Critical patients with COVID-19 were divided into a critical recovered cases group and a dead group according to the outcome. Of course, we can also divide them into critical patients of group A (<1.1 × 10E9/L) and group B (>1.1 × 10E9/L) according to number of lymphocytes. A total of 80 critical patients were enrolled according to the lymphocyte count at admission, with 66 in group A (27 recovered, 39 dead) and 14 in group B (9 recovered, 5 dead). Analyzing survival, we found that there was no significant difference between group A and group B (P = .3067). We then analyzed the survival rate according to lymphocytes at the 25% hospital stay (on average day 6.5). A total of 65 critical patients were enrolled, with 48 patients in group A (18 recovered, 30 dead) and 17 patients in group B (15 recovered, 2 dead). The results showed that the survival rate of group A was significantly lower than that of group B (P = .0003). The same results were also found at the 50% and 75% time points (P = .003, P < .0001, respectively) (Fig. 5).

F5
Figure 5:
Prognosis of lymphocytes of severe and critical patients with COVID-19 on 1–4time point.

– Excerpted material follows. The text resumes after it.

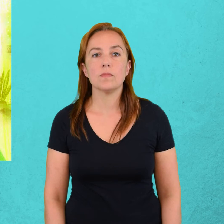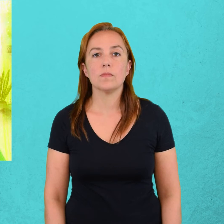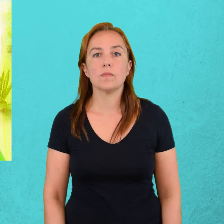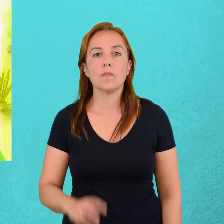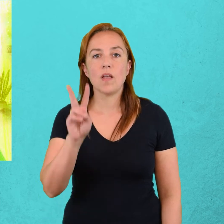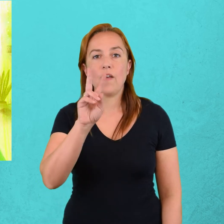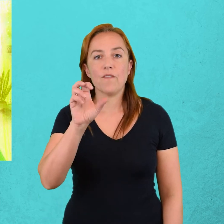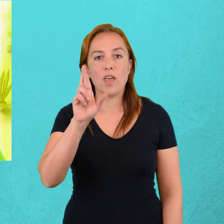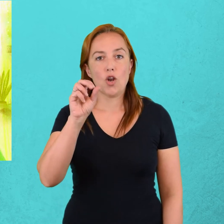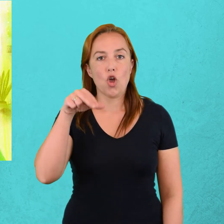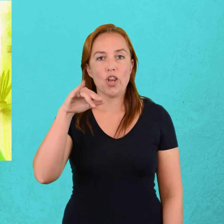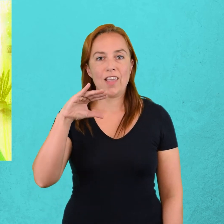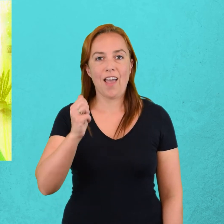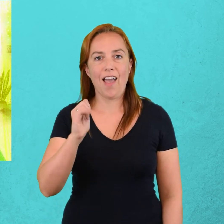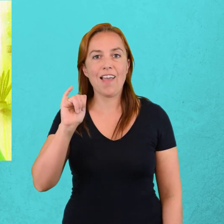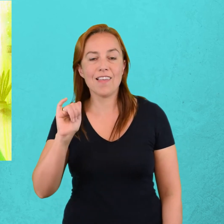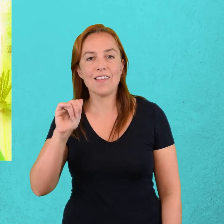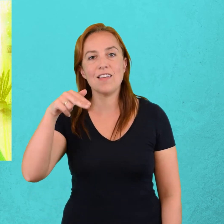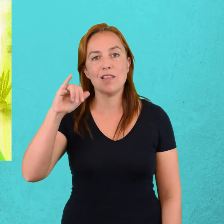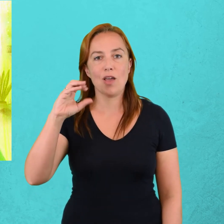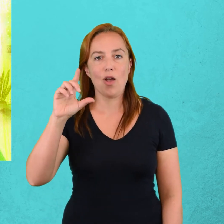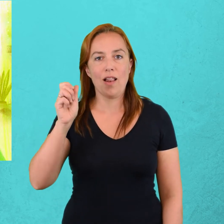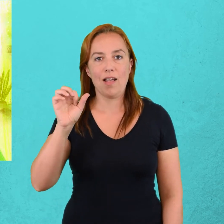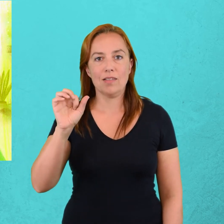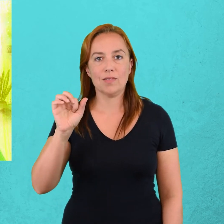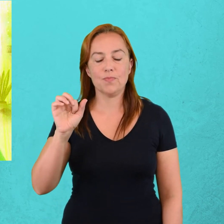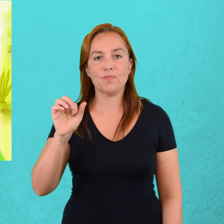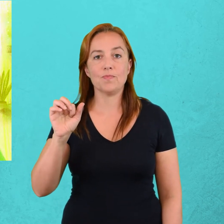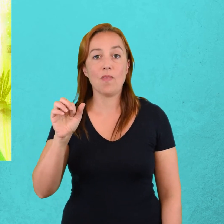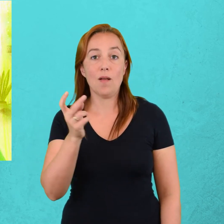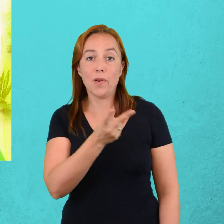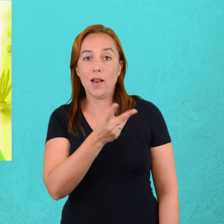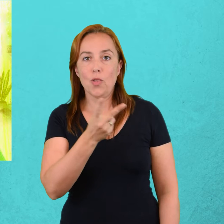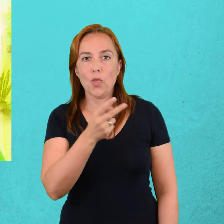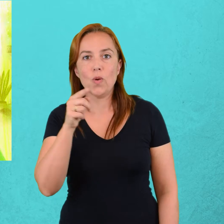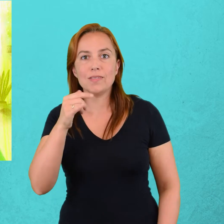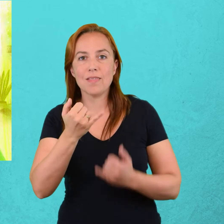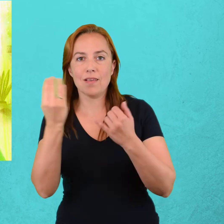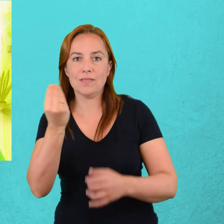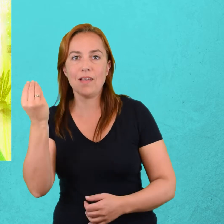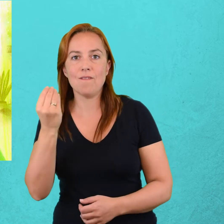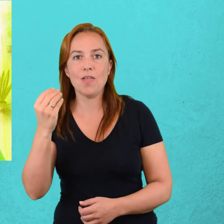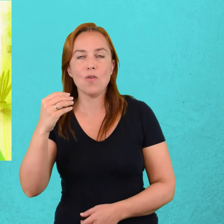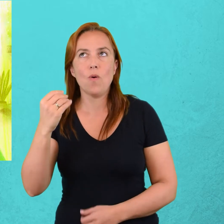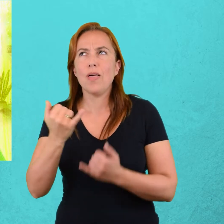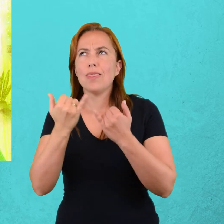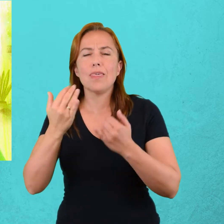Verónica y Nicolás. Para ellos, este sábado será un día único, llanito, pero excepcional.

We can divide critical patients with COVID-19 into the group A (<1.1 × 10E9/L) and group B (>1.1 × 10E9/L) according to their number of lymphocytes. Analyzing survival, we found that the survival rate of group A (<1.1 × 10E9/L) was significantly lower than that of group B (>1.1 × 10E9/L) at the second time point (P = .0003). The same results were also found at the third and fourth time points (P = .003, P < .0001, respectively).

4 Discussion

This was a retrospective cohort study. We reviewed clinical records, nursing records, laboratory findings, and CT scans from the data of 205 patients with laboratory-confirmed COVID-19. We have presented the important changes in blood cell count of patients with SARS-CoV-2 infection of different clinical types and at different follow-up time points in China. To study the characteristics of peripheral blood lymphocytes in critically ill patients is of great significance for timely diagnosis, accurate typing, accurate treatment, delaying or delaying the development of the disease and reducing the mortality.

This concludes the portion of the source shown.